• Task prompt: Please copy every line with the string "cover" from the entries below.
:: Extracted entries ::
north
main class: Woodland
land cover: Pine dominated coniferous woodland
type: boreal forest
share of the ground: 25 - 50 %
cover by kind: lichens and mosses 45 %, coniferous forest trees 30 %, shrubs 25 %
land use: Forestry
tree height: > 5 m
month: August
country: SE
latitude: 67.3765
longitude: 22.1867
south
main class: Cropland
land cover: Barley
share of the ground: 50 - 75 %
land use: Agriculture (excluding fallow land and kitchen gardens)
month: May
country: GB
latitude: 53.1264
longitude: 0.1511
:::
:: Extracted entries ::
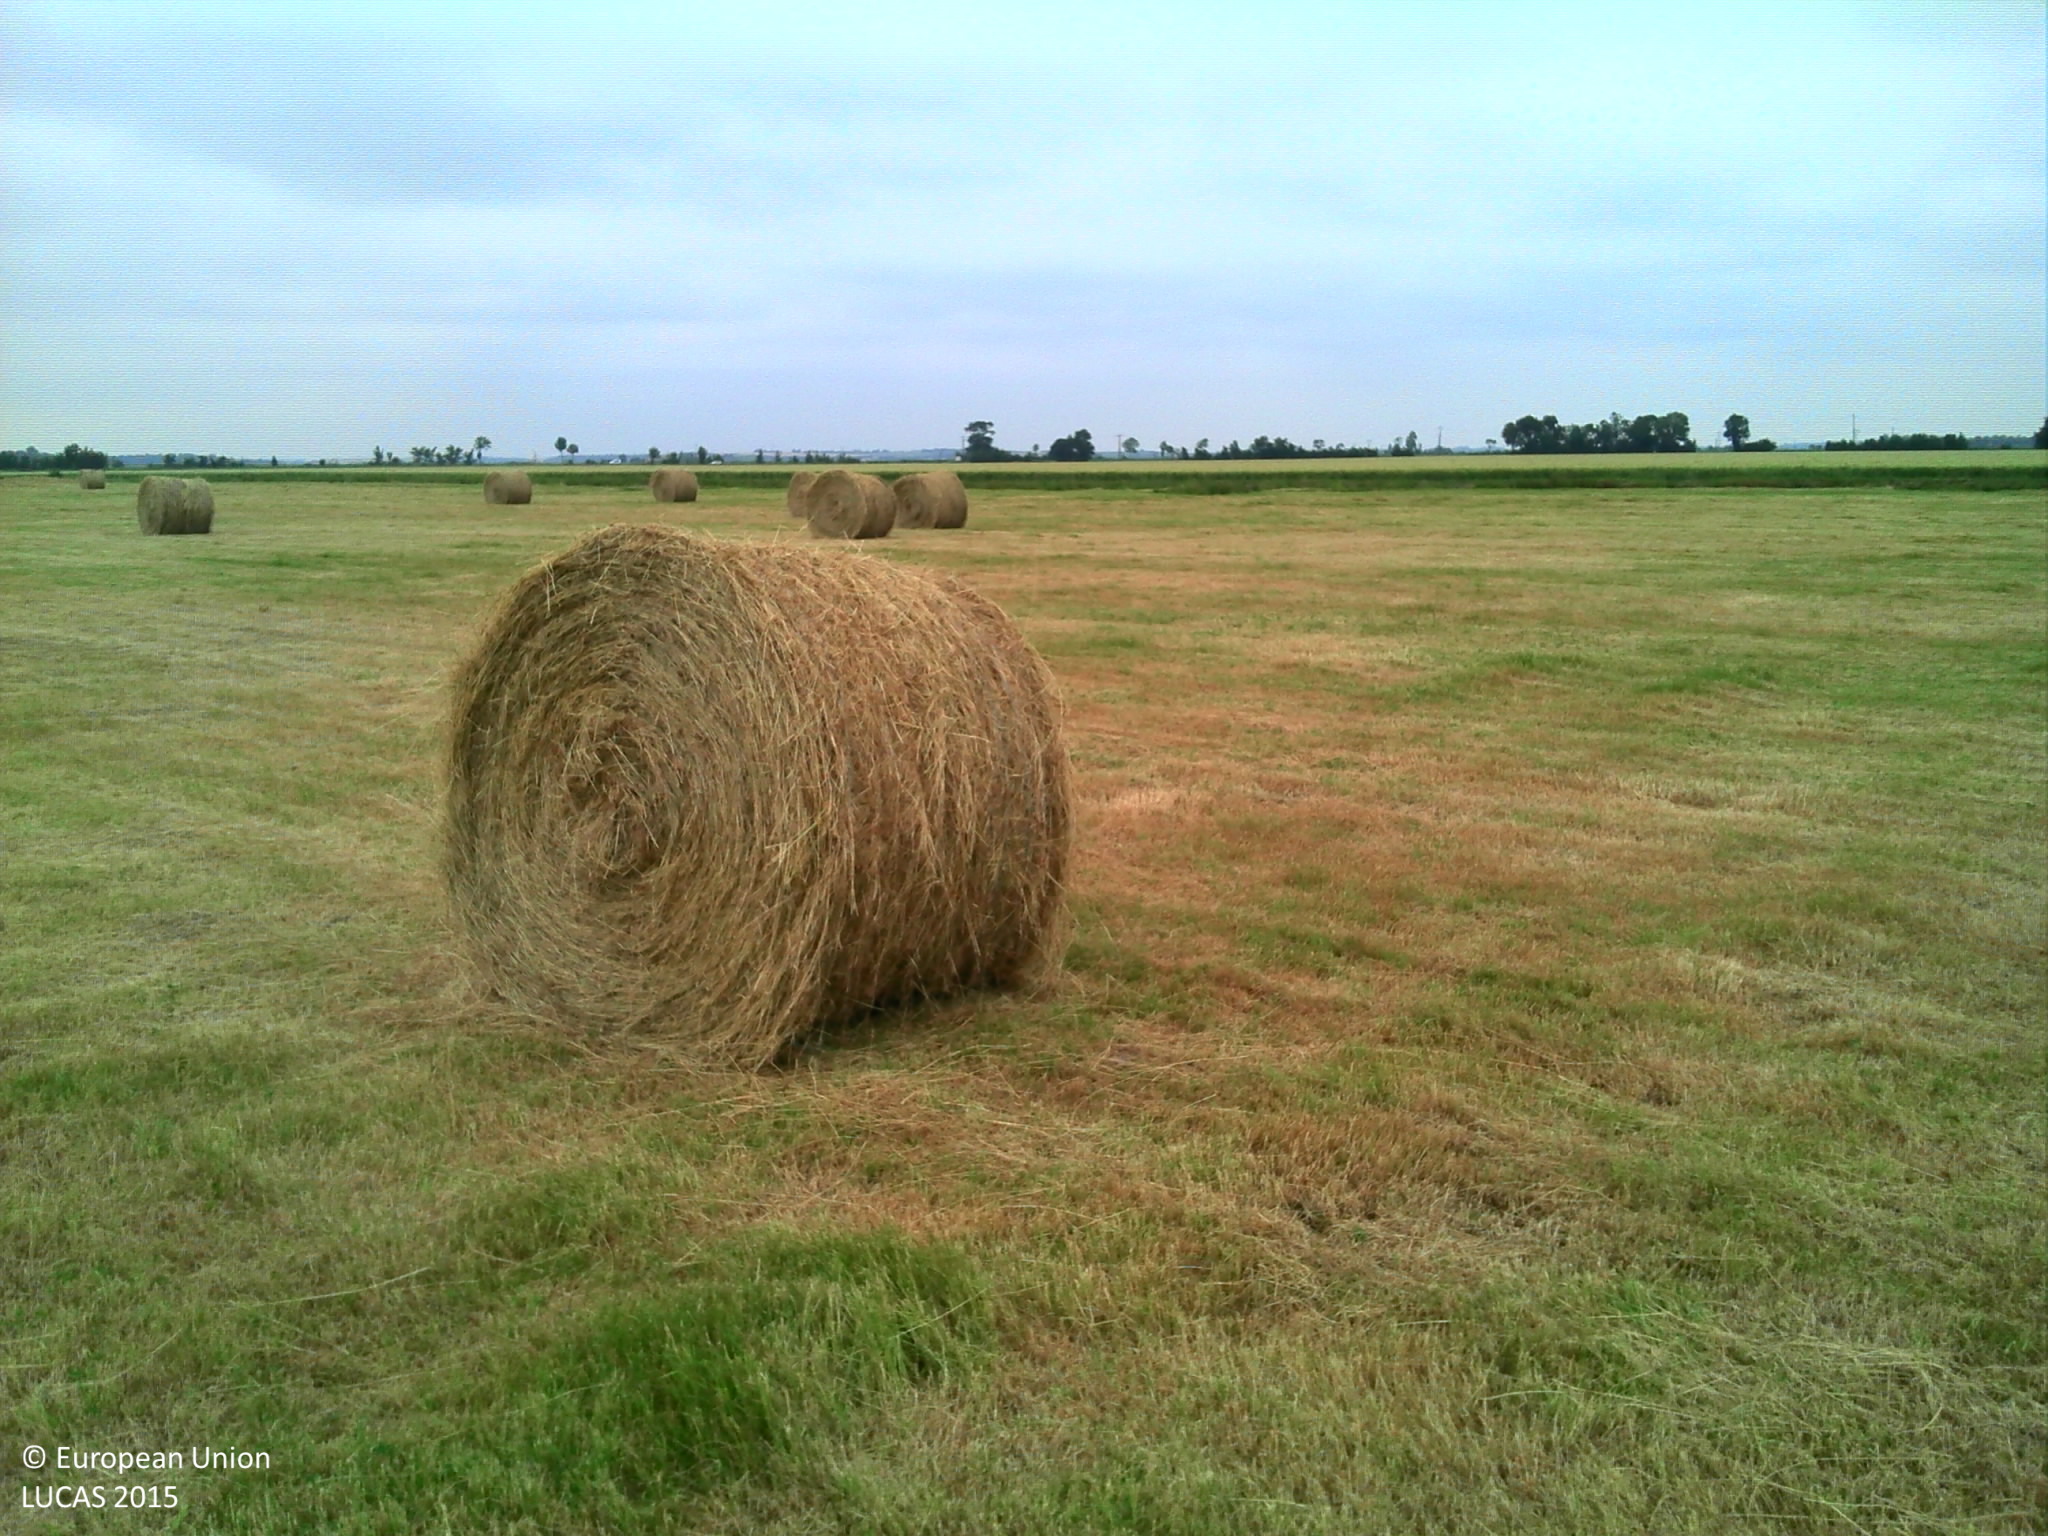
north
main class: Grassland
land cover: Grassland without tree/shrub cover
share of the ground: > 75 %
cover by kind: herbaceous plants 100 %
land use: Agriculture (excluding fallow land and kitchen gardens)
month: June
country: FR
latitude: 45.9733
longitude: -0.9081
:::
• Answer for this exercise:
land cover: Pine dominated coniferous woodland
cover by kind: lichens and mosses 45 %, coniferous forest trees 30 %, shrubs 25 %
land cover: Barley
land cover: Grassland without tree/shrub cover
cover by kind: herbaceous plants 100 %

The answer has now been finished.